The distribution of the Antarctic Fulmar F. glacialoides, the Pacific Fulmar F. glacialis rodgersii, and the Atlantic Fulmar F. g. glacialis is described. In the region Iceland-Faeroes-Britain (and Norway) the breeding distribution of the Fulmar has undergone a revolutionary change.

In Iceland the Fulmar nested in the seventeenth century perhaps only on Kolbeinsey and Grimsey in the north. In the middle of the eighteenth century a spread and increase started; by 1949 there were at least 155 colonies, many large. The Fulmar spread to the Faeroes in the early nineteenth century and now breeds in great numbers on every island. In 1878 the Fulmar spread from the Faeroes to Shetland; until then its only British station was the very large colony on St. Kilda, known since 1697 and large then. It has now spread round nearly all Scotland, Ireland, England and Wales, and is prospecting south and south-east England. In 1949 there were at least 365 breeding colonies in Britain, and 212 further stations at which Fulmars were prospecting or occupying nest-sites but had not been proved to breed. About thirty new stations are now being prospected yearly in Britain. At present over a hundred thousand nest-sites are occupied at British breeding stations, of which about a third are on the one traditional station of St. Kilda, where regular harvesting ceased by 1921.

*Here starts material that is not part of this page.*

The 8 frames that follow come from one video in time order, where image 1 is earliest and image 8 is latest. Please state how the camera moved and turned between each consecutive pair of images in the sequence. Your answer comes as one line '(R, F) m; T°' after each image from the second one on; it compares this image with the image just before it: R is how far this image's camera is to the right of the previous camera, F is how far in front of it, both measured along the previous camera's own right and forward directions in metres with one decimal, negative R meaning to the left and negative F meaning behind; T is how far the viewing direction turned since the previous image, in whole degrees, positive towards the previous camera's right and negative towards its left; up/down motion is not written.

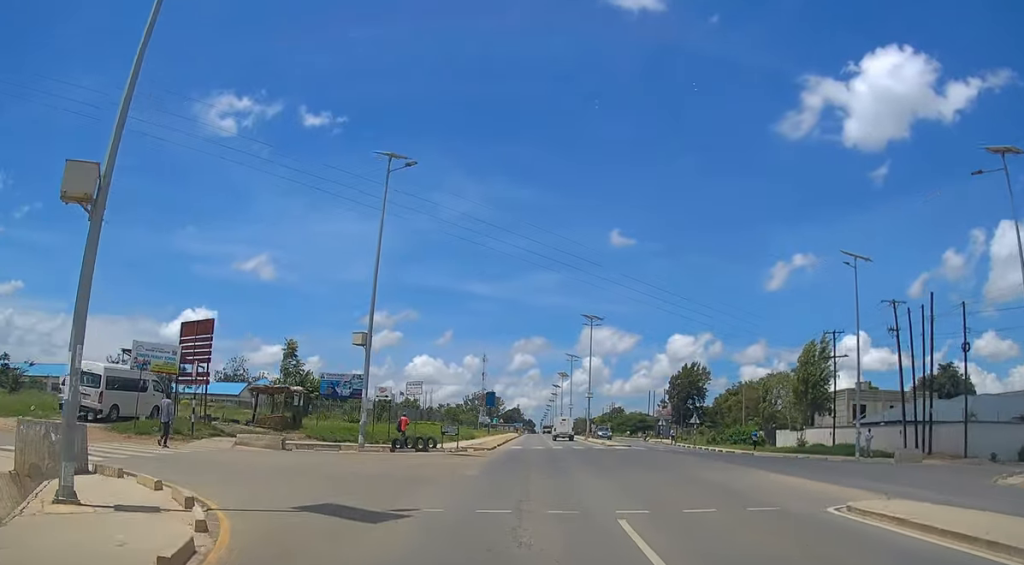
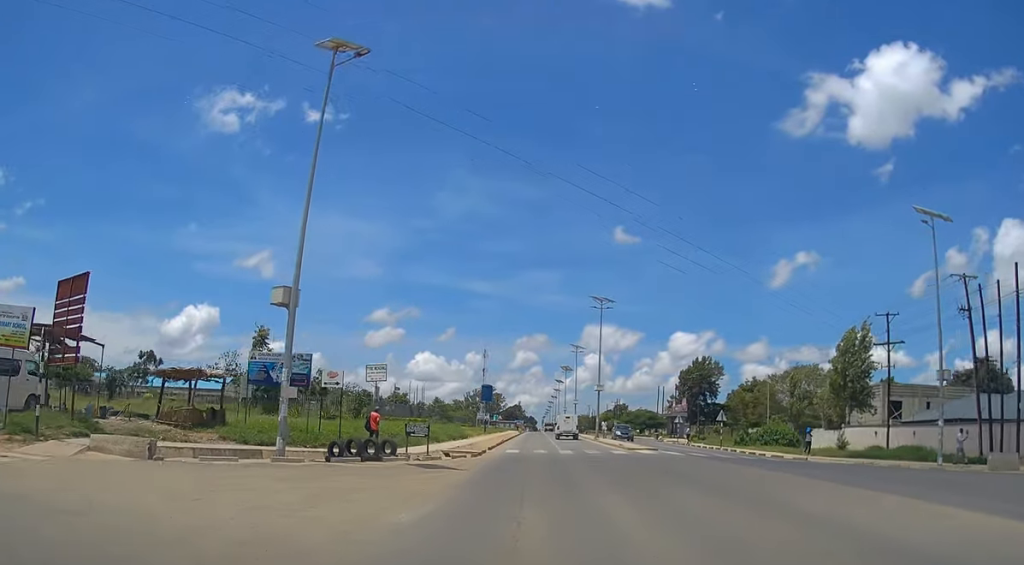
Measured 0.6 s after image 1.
(0.0, +9.1) m; 0°
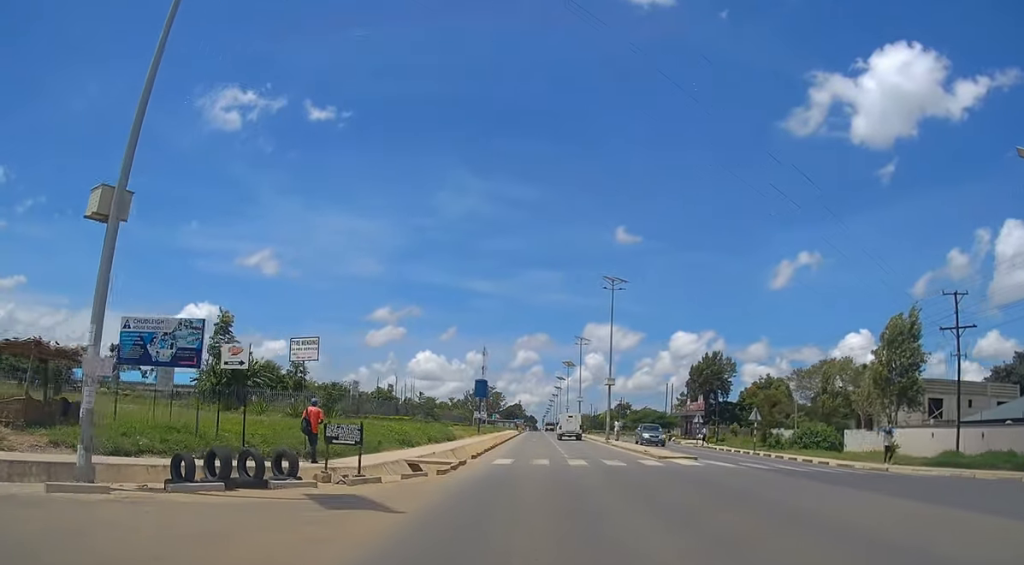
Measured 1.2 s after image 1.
(0.0, +8.8) m; 0°
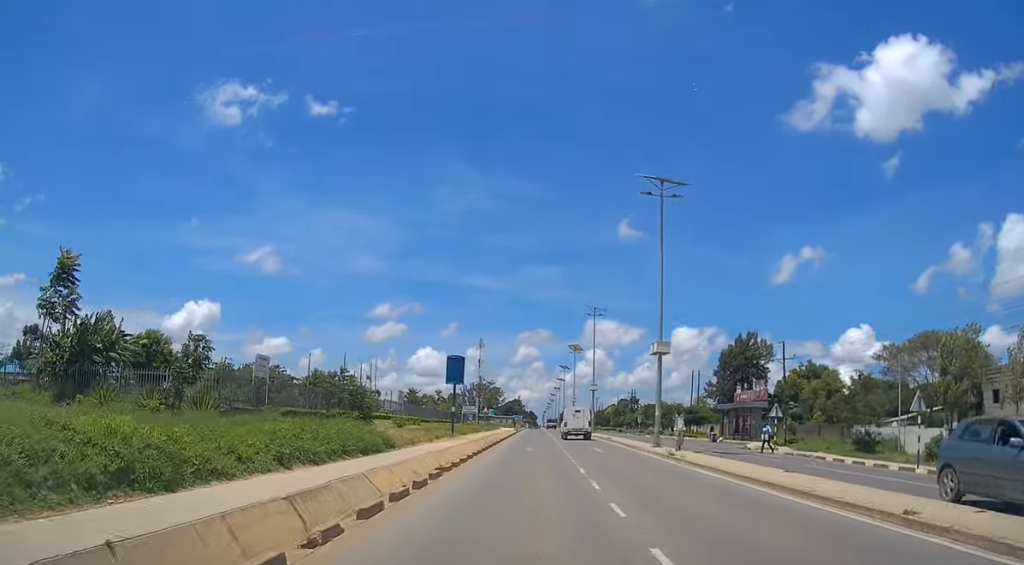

The world population of the Atlantic Fulmar occupies over a million nest-sites yearly, but probably not many millions.

There is no evidence that the Fulmar's numbers are controlled by either parasites or predators, except sometimes by Man. Its food is described; it eats all manner of plankton and offal and any fatty food avidly.

It is suggested that the increase in the Fulmar population was made possible when man produced new and regular supplies of fatty offal, at first by the ship's-side flensing of whales and, when the supply of whales became exhausted, by the discarding of trawler waste and fish-guts, and that this increase was, and is, dependent on this food rather than climate, nest-site supply or predation. In a direct sense the Fulmar appears to be now partly a dependant of Man.

The Fulmar's breeding season is strikingly constant over its full breeding range. But there is a marked difference between small and large colonies in breeding success, and a certain difference in season. It is likely that the new colonies in Britain are being prospected and established by young birds, and that their reproductive inefficiency is due to the youth of their inhabitants, not to the “ Fraser Darling Effect”.

The suggestion that adult Fulmars breed not every year, but periodically, is rejected. On the contrary, it appears that the Fulmar spends the first years of its life at sea. The length of this period is unknown. In the next period of a Fulmar's life it develops an incubation patch and a drive to sit on a nest-site, but cannot lay or fertilize an egg. This period may last for four or five years, and one marked Fulmar has been taken at a cliff (and therefore in this period of its life) in the fourth season after that in which it was hatched. When it is perhaps 8 or 9 years old, possibly 7, the Fulmar breeds, and probably continues as a rule to do so annually for the rest of its long life if it is healthy and can find a mate.